-- Dataset extract follows --
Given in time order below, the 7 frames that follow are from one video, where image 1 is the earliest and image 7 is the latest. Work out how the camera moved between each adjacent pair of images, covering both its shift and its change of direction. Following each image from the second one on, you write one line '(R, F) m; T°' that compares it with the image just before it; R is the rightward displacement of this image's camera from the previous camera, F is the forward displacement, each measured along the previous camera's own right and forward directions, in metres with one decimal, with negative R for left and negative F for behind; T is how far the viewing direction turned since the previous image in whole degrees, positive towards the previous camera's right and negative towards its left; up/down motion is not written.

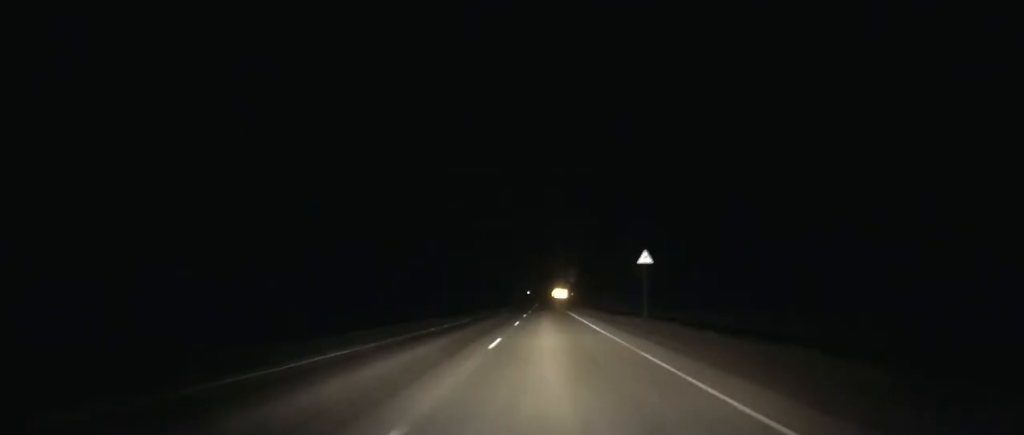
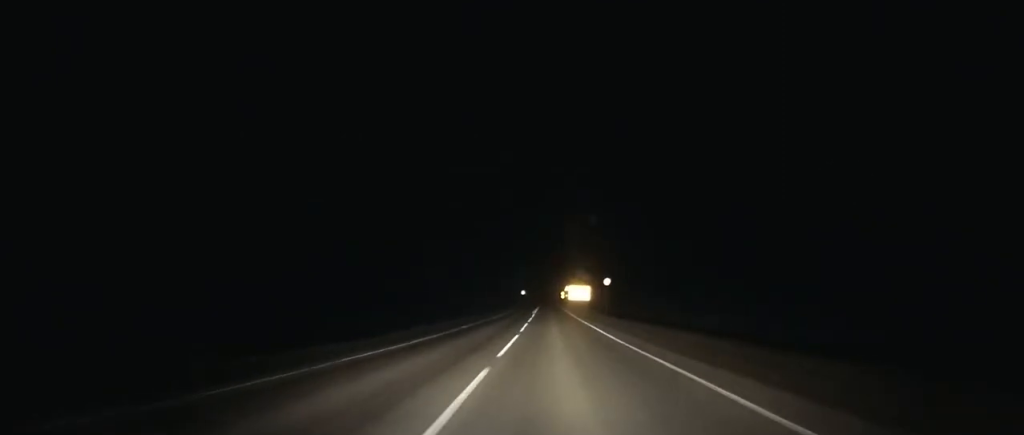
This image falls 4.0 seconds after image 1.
(-0.4, +117.8) m; 0°
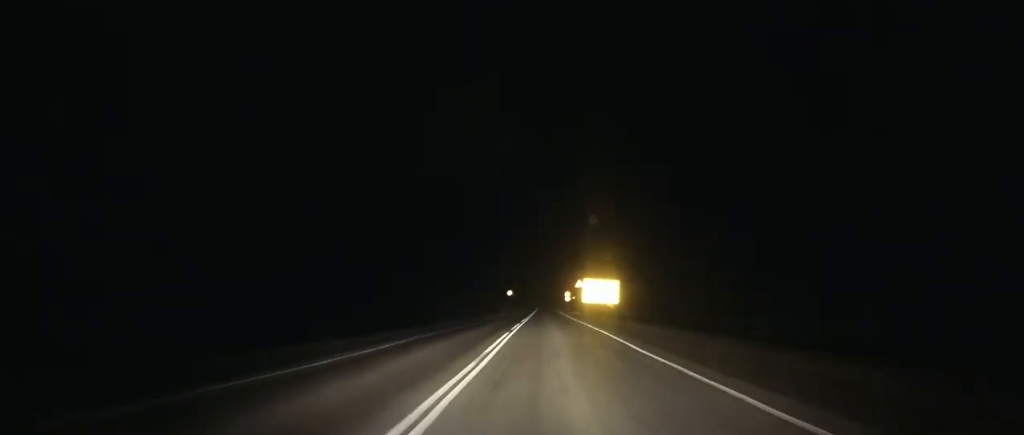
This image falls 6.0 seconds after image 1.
(+0.1, +55.4) m; 0°
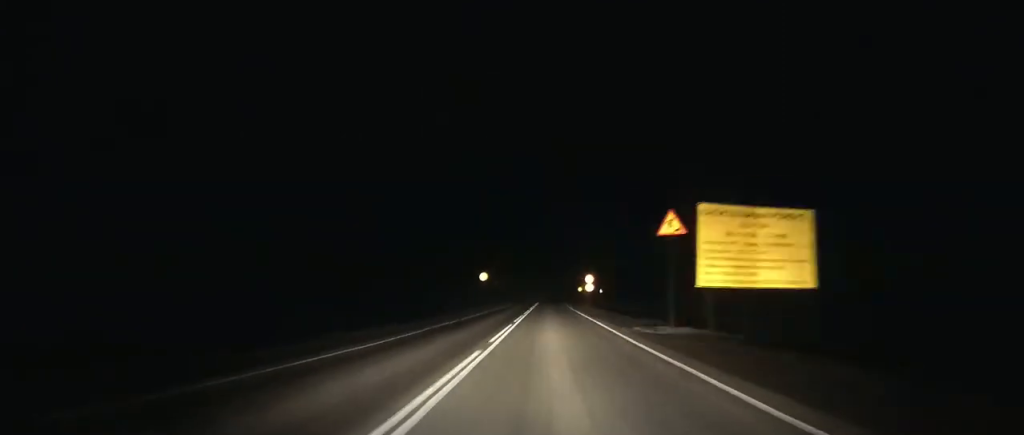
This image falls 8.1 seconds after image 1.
(+0.1, +54.3) m; 0°
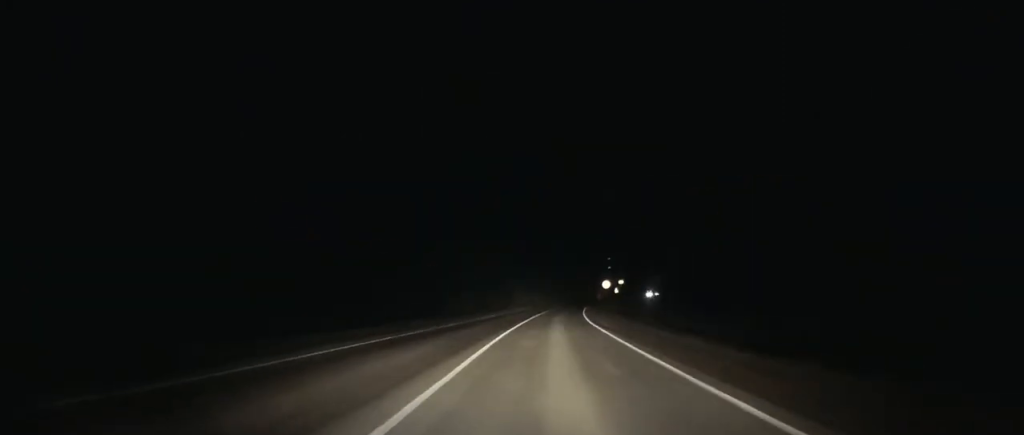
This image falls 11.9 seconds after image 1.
(+0.3, +91.9) m; +2°
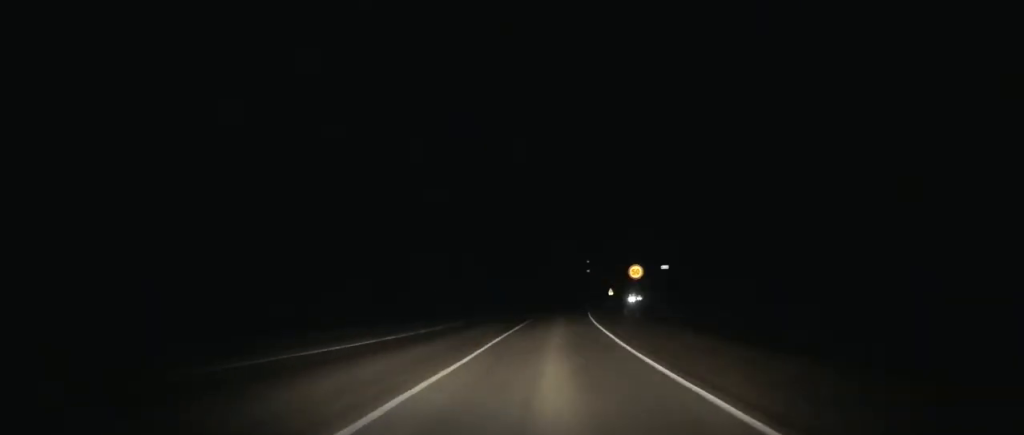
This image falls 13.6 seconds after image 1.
(+0.5, +40.1) m; +2°
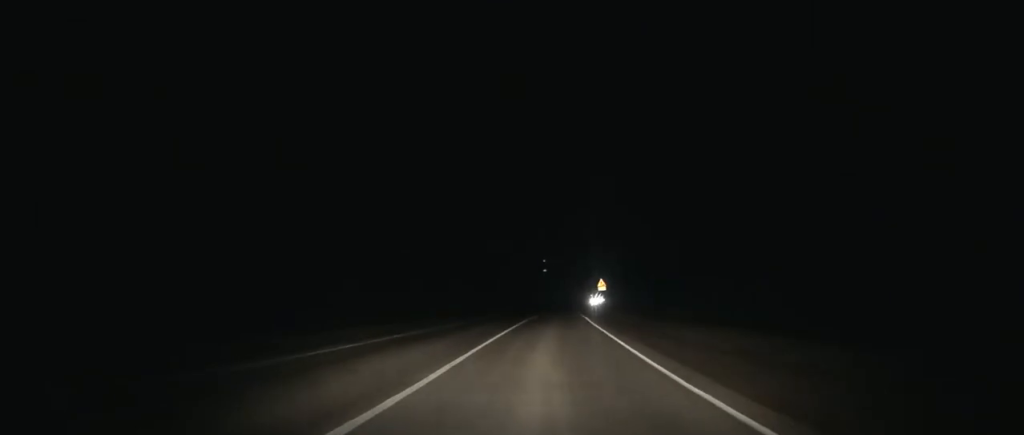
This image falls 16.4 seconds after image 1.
(+1.9, +65.2) m; +4°
-- Dataset extract concluded --
> **What you are asked to do**: Leave out the pictures, and retype exactly the lines from the one containing "This image falls 4.0 seconds after image 1." through the final line of the data.

> **Your solution**:
This image falls 4.0 seconds after image 1.
(-0.4, +117.8) m; 0°
This image falls 6.0 seconds after image 1.
(+0.1, +55.4) m; 0°
This image falls 8.1 seconds after image 1.
(+0.1, +54.3) m; 0°
This image falls 11.9 seconds after image 1.
(+0.3, +91.9) m; +2°
This image falls 13.6 seconds after image 1.
(+0.5, +40.1) m; +2°
This image falls 16.4 seconds after image 1.
(+1.9, +65.2) m; +4°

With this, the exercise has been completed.